TASK INSTRUCTIONS>
With the pictures left out, every record must be reproduced exactly.

SUPPLIED INFORMATION>
== == ==

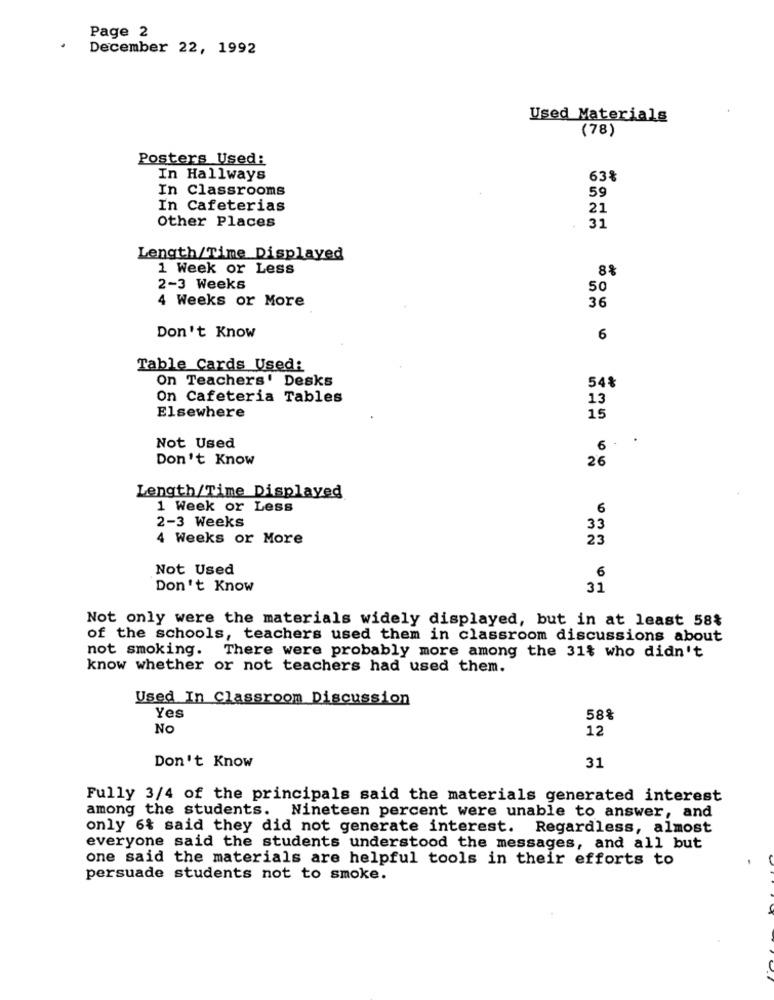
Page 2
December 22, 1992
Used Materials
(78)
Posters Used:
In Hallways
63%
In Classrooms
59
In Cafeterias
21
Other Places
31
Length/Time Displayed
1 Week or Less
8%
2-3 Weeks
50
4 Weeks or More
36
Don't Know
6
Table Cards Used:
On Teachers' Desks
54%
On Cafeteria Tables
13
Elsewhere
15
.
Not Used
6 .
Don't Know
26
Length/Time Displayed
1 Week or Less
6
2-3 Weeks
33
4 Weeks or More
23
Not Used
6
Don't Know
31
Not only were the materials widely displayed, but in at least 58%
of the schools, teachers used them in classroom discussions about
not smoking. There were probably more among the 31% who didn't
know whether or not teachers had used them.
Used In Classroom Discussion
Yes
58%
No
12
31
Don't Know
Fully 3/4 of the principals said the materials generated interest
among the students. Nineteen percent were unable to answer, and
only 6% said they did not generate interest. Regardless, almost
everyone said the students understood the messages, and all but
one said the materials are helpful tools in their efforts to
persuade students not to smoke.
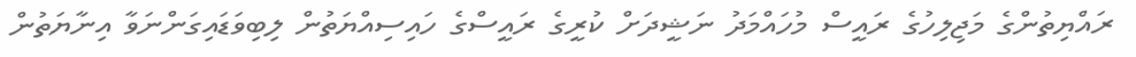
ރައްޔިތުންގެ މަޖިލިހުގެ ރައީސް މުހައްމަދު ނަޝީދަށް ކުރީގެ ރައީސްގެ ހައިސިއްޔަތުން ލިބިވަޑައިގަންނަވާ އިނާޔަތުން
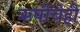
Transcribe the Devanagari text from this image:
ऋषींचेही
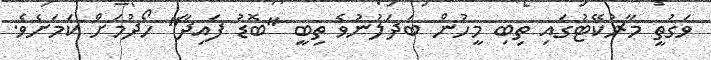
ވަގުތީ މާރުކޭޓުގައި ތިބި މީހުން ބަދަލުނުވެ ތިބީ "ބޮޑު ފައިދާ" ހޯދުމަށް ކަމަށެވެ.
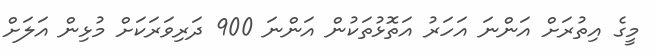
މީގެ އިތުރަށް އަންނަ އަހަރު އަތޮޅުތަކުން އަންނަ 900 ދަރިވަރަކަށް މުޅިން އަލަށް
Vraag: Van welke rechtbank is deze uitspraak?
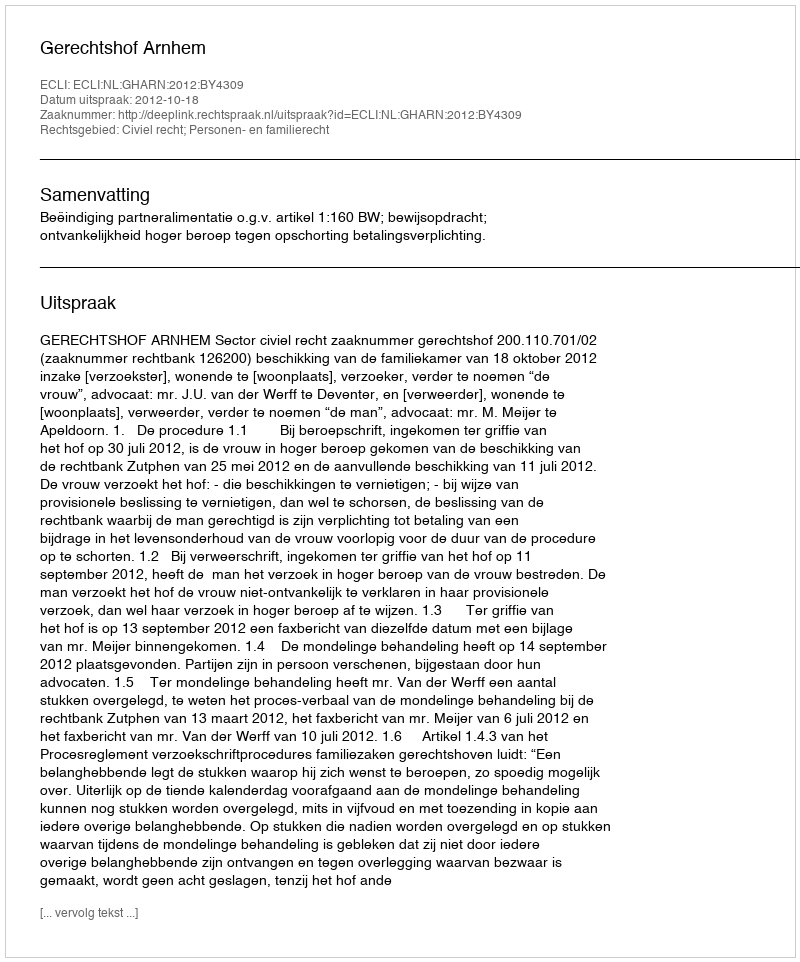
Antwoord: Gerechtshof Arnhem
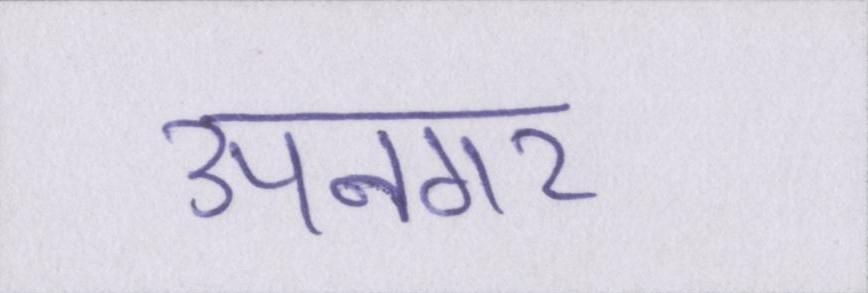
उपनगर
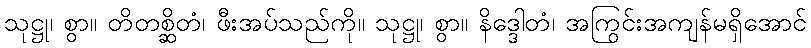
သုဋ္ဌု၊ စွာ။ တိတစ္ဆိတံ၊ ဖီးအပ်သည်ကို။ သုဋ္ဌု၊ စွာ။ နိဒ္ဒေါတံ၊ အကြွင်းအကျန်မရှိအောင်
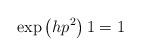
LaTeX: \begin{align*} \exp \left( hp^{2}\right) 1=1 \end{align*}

== == ==

EXERCISE SOLUTION>
Page 2
December 22, 1992
Used Materials
(78)
Posters Used:
In Hallways
63%
In Classrooms
59
In Cafeterias
21
Other Places
31
Length/Time Displayed
1 Week or Less
8%
2-3 Weeks
50
4 Weeks or More
36
Don't Know
6
Table Cards Used:
On Teachers' Desks
54%
On Cafeteria Tables
13
Elsewhere
15
.
Not Used
6 .
Don't Know
26
Length/Time Displayed
1 Week or Less
6
2-3 Weeks
33
4 Weeks or More
23
Not Used
6
Don't Know
31
Not only were the materials widely displayed, but in at least 58%
of the schools, teachers used them in classroom discussions about
not smoking. There were probably more among the 31% who didn't
know whether or not teachers had used them.
Used In Classroom Discussion
Yes
58%
No
12
31
Don't Know
Fully 3/4 of the principals said the materials generated interest
among the students. Nineteen percent were unable to answer, and
only 6% said they did not generate interest. Regardless, almost
everyone said the students understood the messages, and all but
one said the materials are helpful tools in their efforts to
persuade students not to smoke.
ރައްޔިތުންގެ މަޖިލިހުގެ ރައީސް މުހައްމަދު ނަޝީދަށް ކުރީގެ ރައީސްގެ ހައިސިއްޔަތުން ލިބިވަޑައިގަންނަވާ އިނާޔަތުން
Transcribe the Devanagari text from this image:
ऋषींचेही
ވަގުތީ މާރުކޭޓުގައި ތިބި މީހުން ބަދަލުނުވެ ތިބީ "ބޮޑު ފައިދާ" ހޯދުމަށް ކަމަށެވެ.
މީގެ އިތުރަށް އަންނަ އަހަރު އަތޮޅުތަކުން އަންނަ 900 ދަރިވަރަކަށް މުޅިން އަލަށް
Vraag: Van welke rechtbank is deze uitspraak?
Antwoord: Gerechtshof Arnhem
उपनगर
သုဋ္ဌု၊ စွာ။ တိတစ္ဆိတံ၊ ဖီးအပ်သည်ကို။ သုဋ္ဌု၊ စွာ။ နိဒ္ဒေါတံ၊ အကြွင်းအကျန်မရှိအောင်
LaTeX: \begin{align*} \exp \left( hp^{2}\right) 1=1 \end{align*}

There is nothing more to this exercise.